Étoile jaune et carton rouge….

 

 

La classe politique marocaine, dans la majorité de ses composantes partisanes, vient de donner un très bel exemple de son décalage profond (irrémédiable ?) avec la réalité nationale, les intérêts stratégiques du Royaume, les aspirations populaires et même les principes inscrits dans le préambule de la Constitution approuvée par référendum le 1er juillet 2011.

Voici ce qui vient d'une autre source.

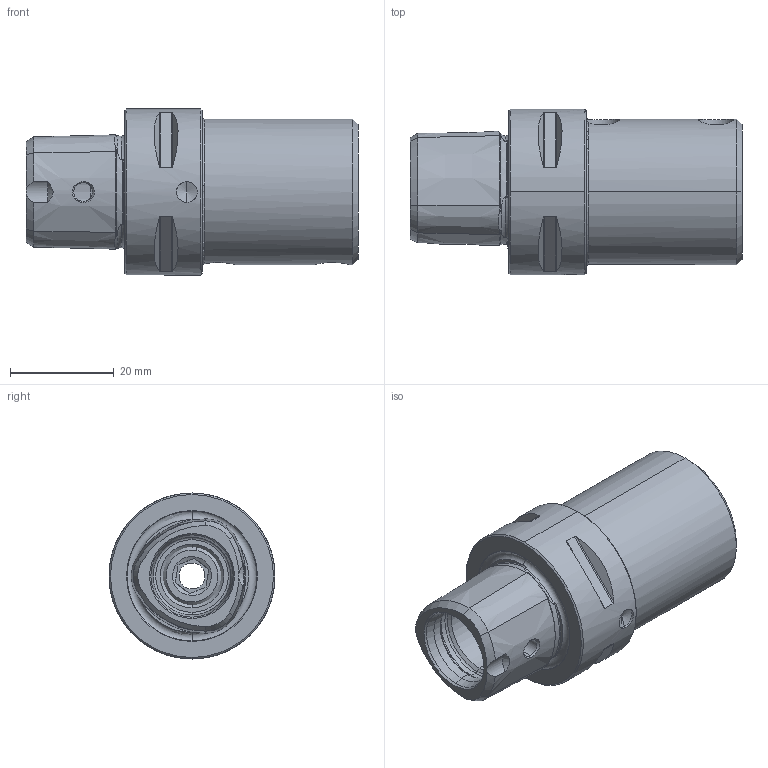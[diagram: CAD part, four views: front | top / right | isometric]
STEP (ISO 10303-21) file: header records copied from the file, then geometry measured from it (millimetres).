
FILE_DESCRIPTION (( 'STEP AP214' ), '1' );
FILE_NAME ('PS3.B10.So2.045.STEP', '2019-05-07T07:18:02', ( '' ), ( '' ), 'SwSTEP 2.0', 'SolidWorks 2017', '' );
FILE_SCHEMA (( 'AUTOMOTIVE_DESIGN' ));
Length unit declared in the file: millimetre
Products named in the file (10): PS3-B10.So2.045_A; ISO 4026 - M6 x 8; PS3.B10.So2.045; ER1.PS3.012.011_A
Assembly tree (6 placements, depth 2):
  ISO 4026 - M6 x 8
  PS3.B10.So2.045
    PS3-B10.So2.045_A
    ISO 4026 - M6 x 8  x4
    ER1.PS3.012.011_A
  PS3-B10.So2.045_A
  ISO 4026 - M6 x 8
  ISO 4026 - M6 x 8
Bounding box: 64 x 32 x 32 mm (x, y, z)
Volume: 30972.1 mm3; surface area: 11304.7 mm2
Topology: 6 solids, 6 shells, 247 faces, 583 edges, 352 vertices
Faces by surface type: cone 80, plane 68, cylinder 59, torus 40
Entity records: 7321 total; most frequent: CARTESIAN_POINT 2325, DIRECTION 981, ORIENTED_EDGE 970, EDGE_CURVE 485, AXIS2_PLACEMENT_3D 410, VERTEX_POINT 292, EDGE_LOOP 219, ADVANCED_FACE 202
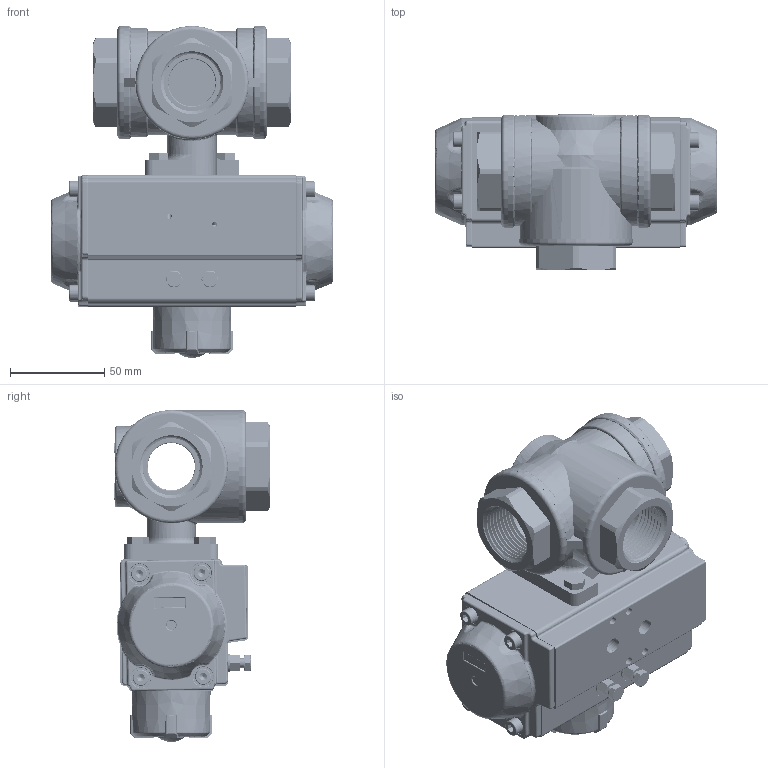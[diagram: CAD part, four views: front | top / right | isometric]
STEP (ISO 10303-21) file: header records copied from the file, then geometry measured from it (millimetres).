
FILE_DESCRIPTION(/* description */ ('Unknown'),/* implementation_level */ '2;1');
FILE_NAME(/* name */ 'PD02 0837_0838-06',/* time_stamp */ '2025-03-24T12:23:45+01:00',/* author */ ('Unknown'),/* organization */ ('Unknown'),/* preprocessor_version */ 'ST-DEVELOPER v19.4',/* originating_system */ 'Solid Edge',/* authorisation */ 'Unknown');
FILE_SCHEMA (('AUTOMOTIVE_DESIGN {1 0 10303 214 3 1 1}'));
Products named in the file (20): PD02 0837_0838-06; 2.330_335.025; 351-06-002; 351-06-005; 351-06-001; DIN558_M_6x16.1.3; PD02_PE01; vt50-2016-06-25; hex bolt gradeab_din_ISO 4014 - M5 x 25 x 16-N; huosai50; vt50-2016-06-25 _______MIR; zhou50; VTE50____; plain washers-n series-grade a gb_GB_FASTENER_WASHER_PWNA 5; hex nut gradec_din_Hexagon Nut ISO 4034 - M5 - N; Optische Anzeige; ______; ________(___________; cup head nib bolts with large head gb_GB_FASTENER_BOLT_CHNBW M6X25-N; socket head cap screw_din_DIN 912 M5 x 16 --- 16N
Assembly tree (37 placements, depth 4):
  PD02 0837_0838-06
    2.330_335.025
      351-06-002  x3
      351-06-005
      351-06-001
    DIN558_M_6x16.1.3  x3
    PD02_PE01
      vt50-2016-06-25
      hex bolt gradeab_din_ISO 4014 - M5 x 25 x 16-N  x2
      huosai50  x2
      vt50-2016-06-25 _______MIR
      zhou50
      VTE50____
      plain washers-n series-grade a gb_GB_FASTENER_WASHER_PWNA 5  x2
      hex nut gradec_din_Hexagon Nut ISO 4034 - M5 - N  x2
      Optische Anzeige
        ______
        ________(___________  x4
        cup head nib bolts with large head gb_GB_FASTENER_BOLT_CHNBW M6X25-N
      socket head cap screw_din_DIN 912 M5 x 16 --- 16N  x8
Bounding box: 149.4 x 83 x 175.81 mm (x, y, z)
Volume: 561113.4 mm3; surface area: 229066.7 mm2
Topology: 34 solids, 34 shells, 3491 faces, 9004 edges, 5721 vertices
Faces by surface type: plane 1513, cylinder 863, bspline 469, torus 319, cone 297, sphere 30
Full cylindrical faces by diameter (mm): 2.5 x2, 3 x16, 3.3 x8, 4 x13, 4.134 x20, 4.2 x2, 4.66 x1, 4.917 x7, 5 x12, 5.3 x2, 5.5 x1, 6 x4, 6.2 x1, 7 x3, 8 x2, 8.5 x8, 8.566 x2, 10 x4, 11 x1, 11.4 x1, 12 x4, 12.5 x2, 12.9 x1, 13 x12, 13.5 x2, 14 x5, 15 x4, 16.5 x2, 17 x1, 18 x1
Entity records: 102264 total; most frequent: CARTESIAN_POINT 43288, ORIENTED_EDGE 12600, DIRECTION 11008, EDGE_CURVE 6300, VERTEX_POINT 4262, AXIS2_PLACEMENT_3D 4040, FACE_BOUND 3068, EDGE_LOOP 3046

En effet, deux « propositions de loi », l’une déposée par le PAM, l’autre par le PJD, le PPS, l’USFP et l’Istiqlal, visent à punir sévèrement, d’emprisonnement (jusqu’à 5 ans) et de très fortes amendes, tout Marocain dont le comportement, les projets ou les actes auraient pour objectif « la normalisation » des relations avec l’Etat d’Israël.

Quelle est cette situation d’urgence absolue qui commande ainsi la démarche d’honorables parlementaires issus de la plupart de nos formations politiques, majorité et opposition confondues ?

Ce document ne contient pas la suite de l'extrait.